*** Records for processing Section Begins ***

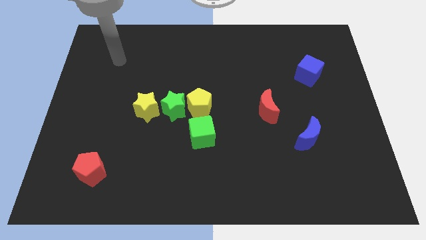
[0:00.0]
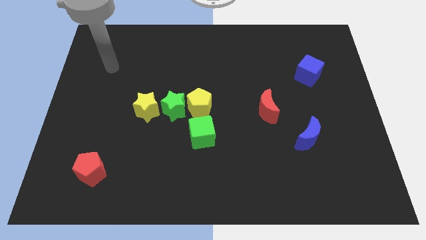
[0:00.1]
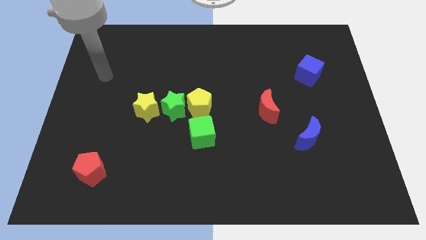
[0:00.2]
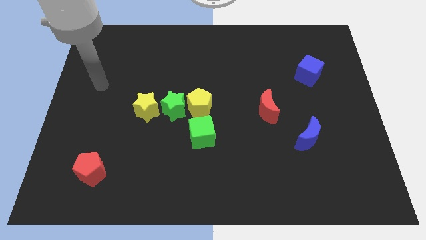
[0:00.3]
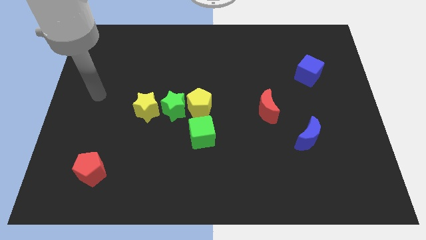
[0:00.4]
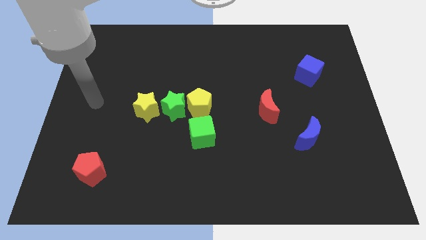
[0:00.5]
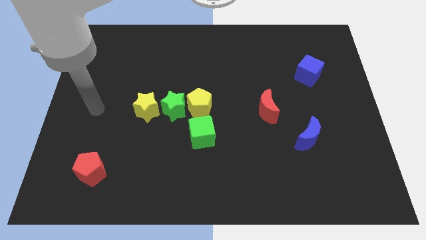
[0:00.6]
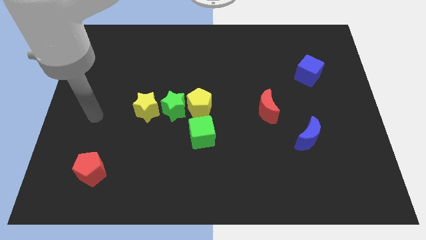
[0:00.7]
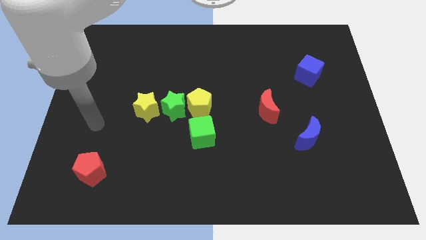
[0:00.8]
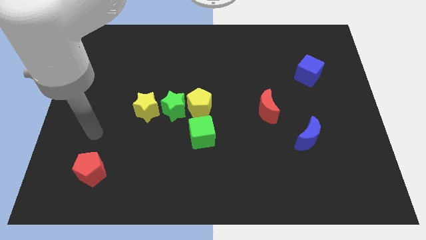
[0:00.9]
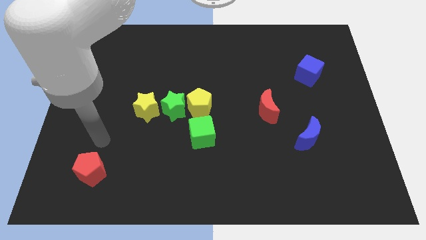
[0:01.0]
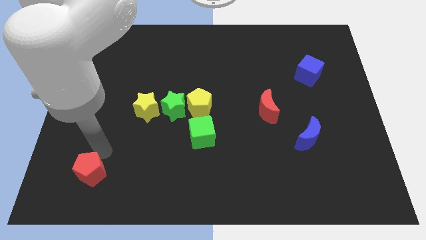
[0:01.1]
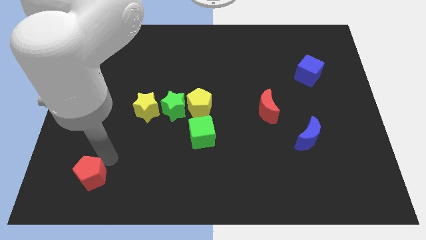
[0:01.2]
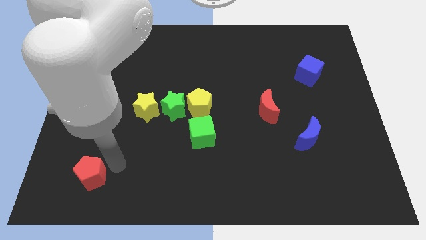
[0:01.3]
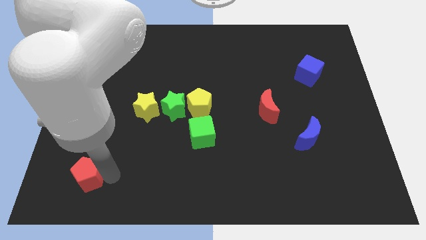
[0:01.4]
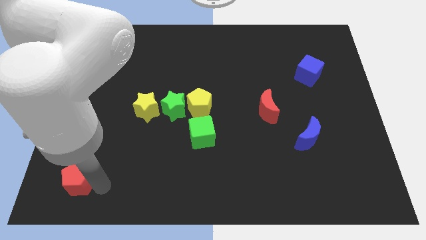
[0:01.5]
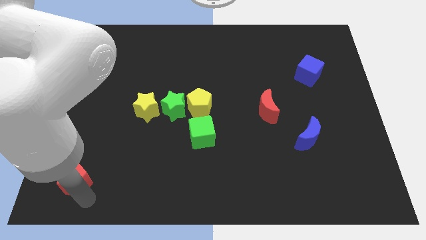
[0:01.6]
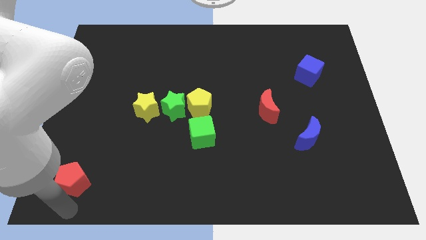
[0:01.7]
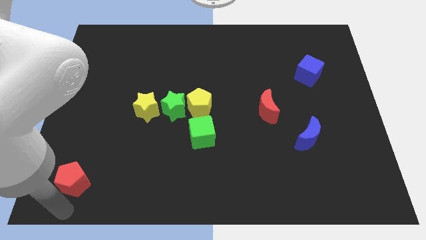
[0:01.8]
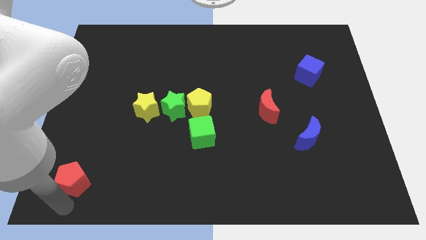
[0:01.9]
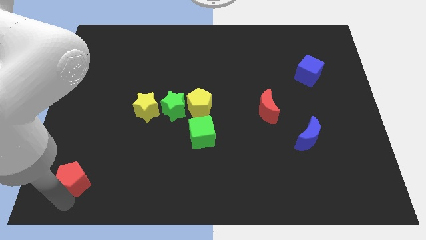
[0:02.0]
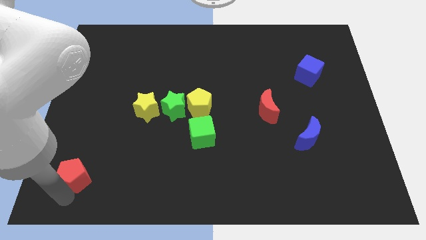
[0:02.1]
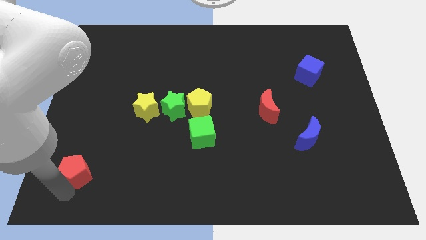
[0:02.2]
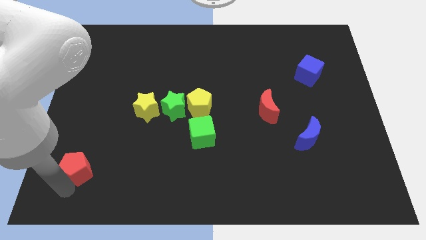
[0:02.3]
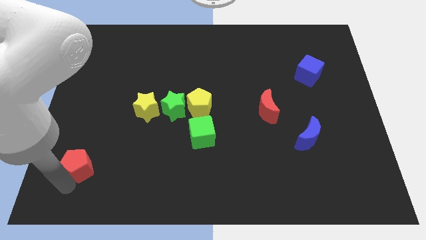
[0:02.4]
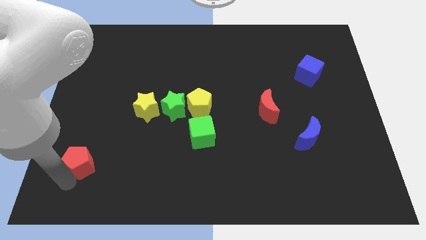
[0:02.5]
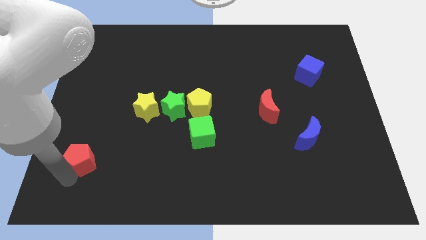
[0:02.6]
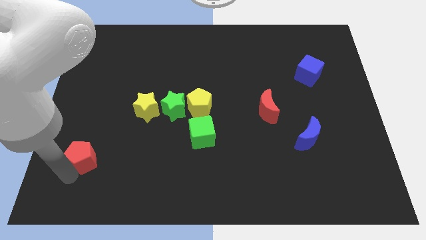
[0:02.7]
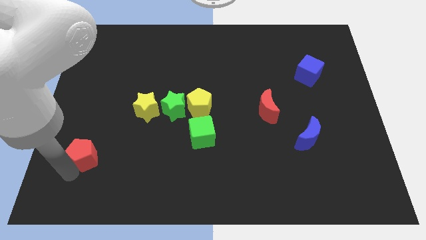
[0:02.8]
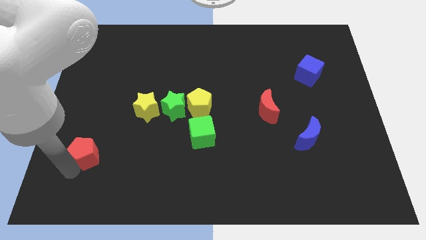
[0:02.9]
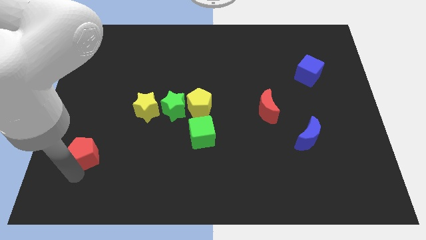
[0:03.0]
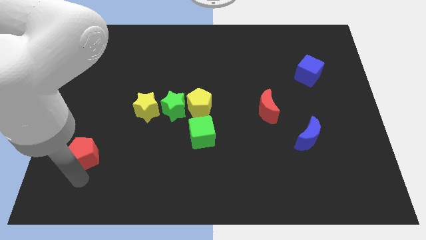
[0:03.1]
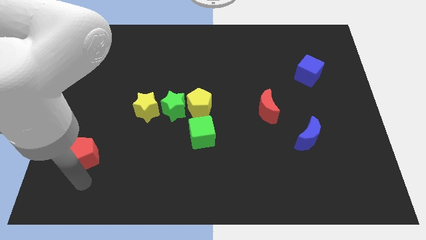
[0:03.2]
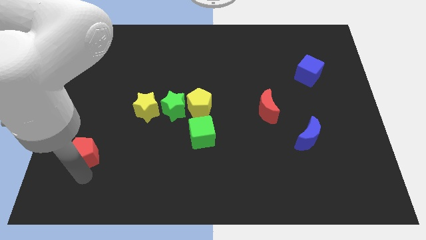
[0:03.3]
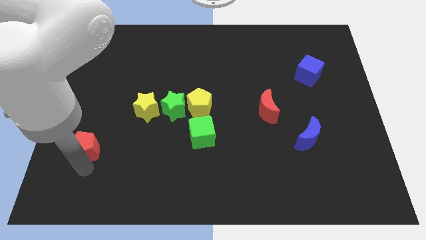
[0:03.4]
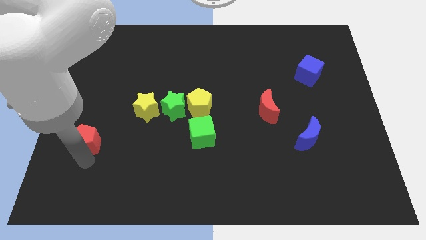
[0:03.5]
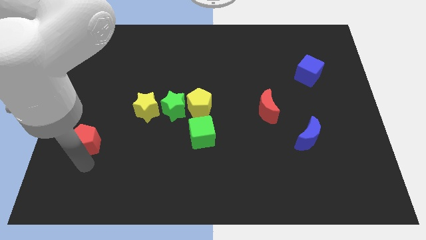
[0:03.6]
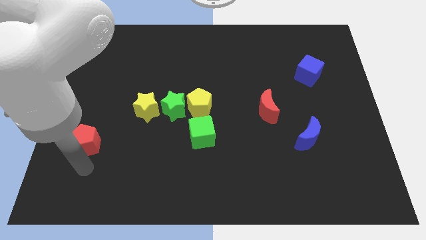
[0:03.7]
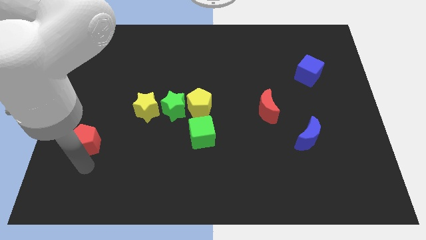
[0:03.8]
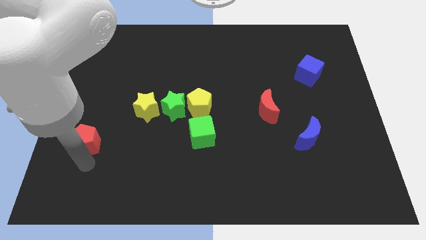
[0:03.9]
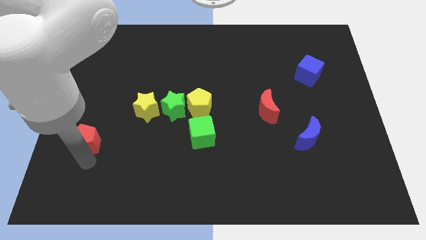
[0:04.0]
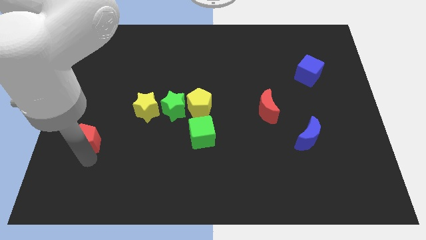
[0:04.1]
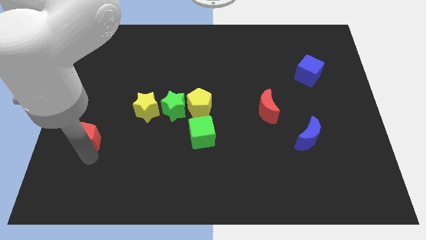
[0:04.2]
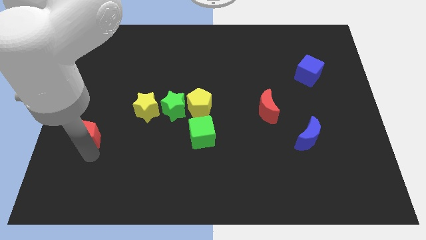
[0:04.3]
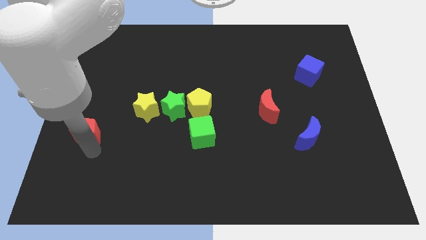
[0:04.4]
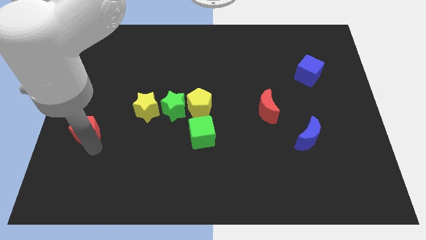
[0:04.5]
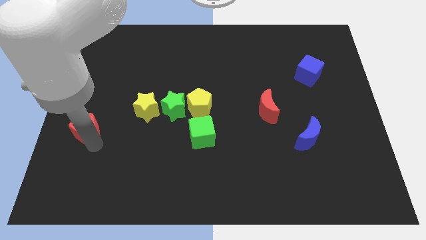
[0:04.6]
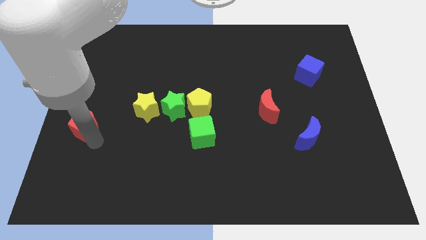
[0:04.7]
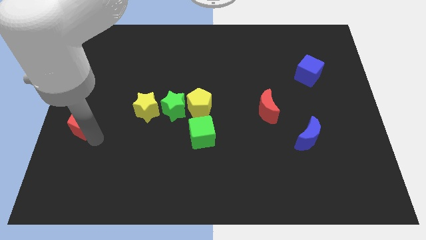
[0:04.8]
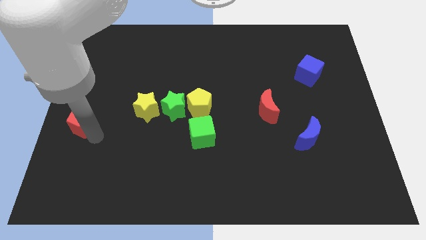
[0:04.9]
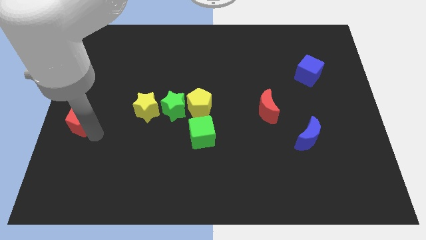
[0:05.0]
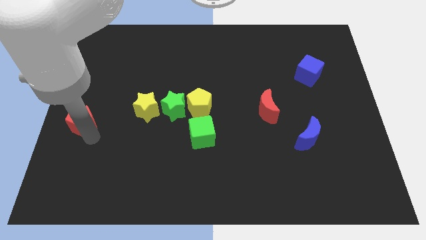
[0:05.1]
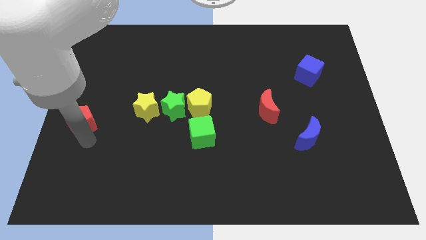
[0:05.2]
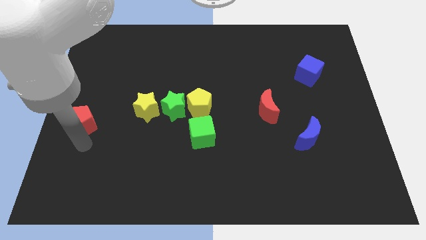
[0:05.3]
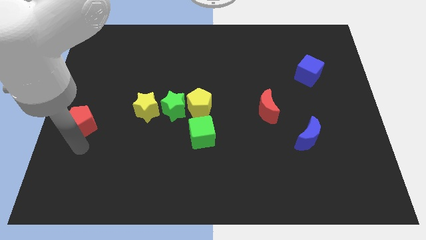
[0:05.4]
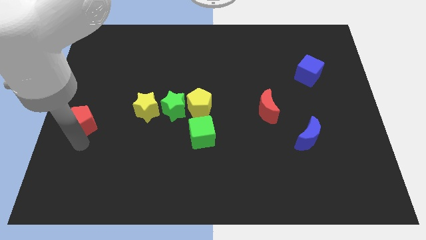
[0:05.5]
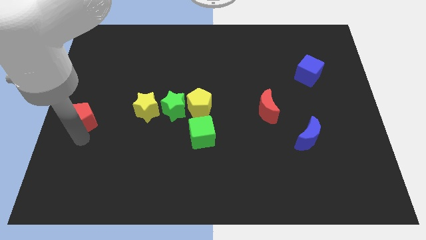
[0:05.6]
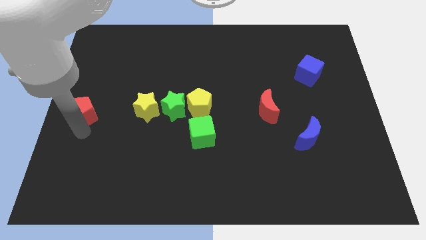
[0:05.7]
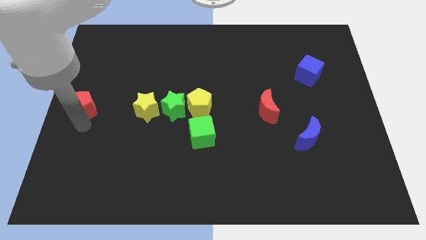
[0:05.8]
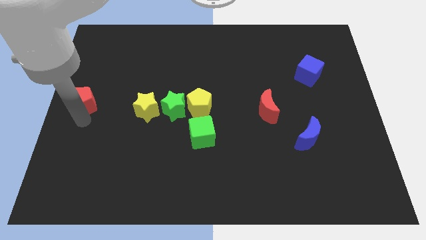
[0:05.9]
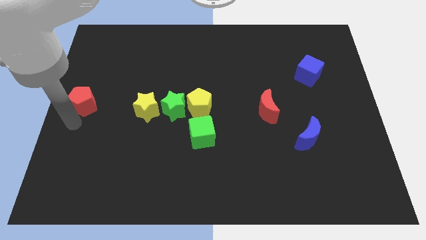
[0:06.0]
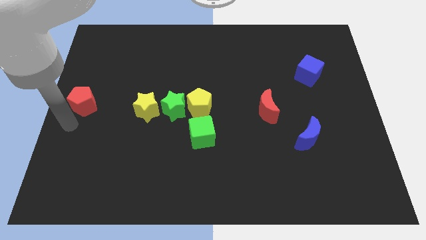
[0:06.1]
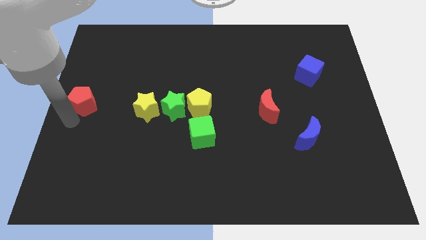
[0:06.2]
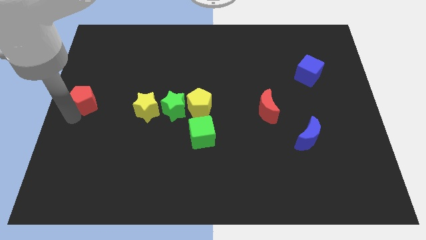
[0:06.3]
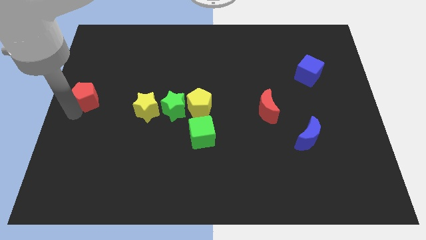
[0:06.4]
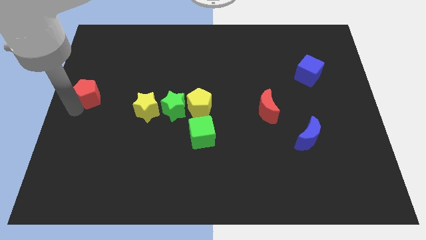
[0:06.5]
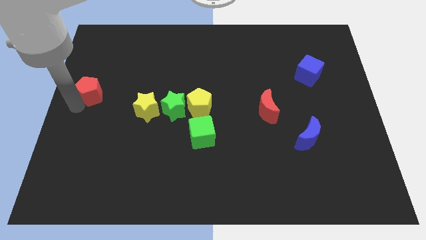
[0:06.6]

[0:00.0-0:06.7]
move the red pentagon upwards

*** Records for processing Section Ends ***

**What the task requires**
Word for word, write out each line of the records, but leave the pictures behind.

**Completed task**
[0:00.0]
[0:00.1]
[0:00.2]
[0:00.3]
[0:00.4]
[0:00.5]
[0:00.6]
[0:00.7]
[0:00.8]
[0:00.9]
[0:01.0]
[0:01.1]
[0:01.2]
[0:01.3]
[0:01.4]
[0:01.5]
[0:01.6]
[0:01.7]
[0:01.8]
[0:01.9]
[0:02.0]
[0:02.1]
[0:02.2]
[0:02.3]
[0:02.4]
[0:02.5]
[0:02.6]
[0:02.7]
[0:02.8]
[0:02.9]
[0:03.0]
[0:03.1]
[0:03.2]
[0:03.3]
[0:03.4]
[0:03.5]
[0:03.6]
[0:03.7]
[0:03.8]
[0:03.9]
[0:04.0]
[0:04.1]
[0:04.2]
[0:04.3]
[0:04.4]
[0:04.5]
[0:04.6]
[0:04.7]
[0:04.8]
[0:04.9]
[0:05.0]
[0:05.1]
[0:05.2]
[0:05.3]
[0:05.4]
[0:05.5]
[0:05.6]
[0:05.7]
[0:05.8]
[0:05.9]
[0:06.0]
[0:06.1]
[0:06.2]
[0:06.3]
[0:06.4]
[0:06.5]
[0:06.6]

[0:00.0-0:06.7]
move the red pentagon upwards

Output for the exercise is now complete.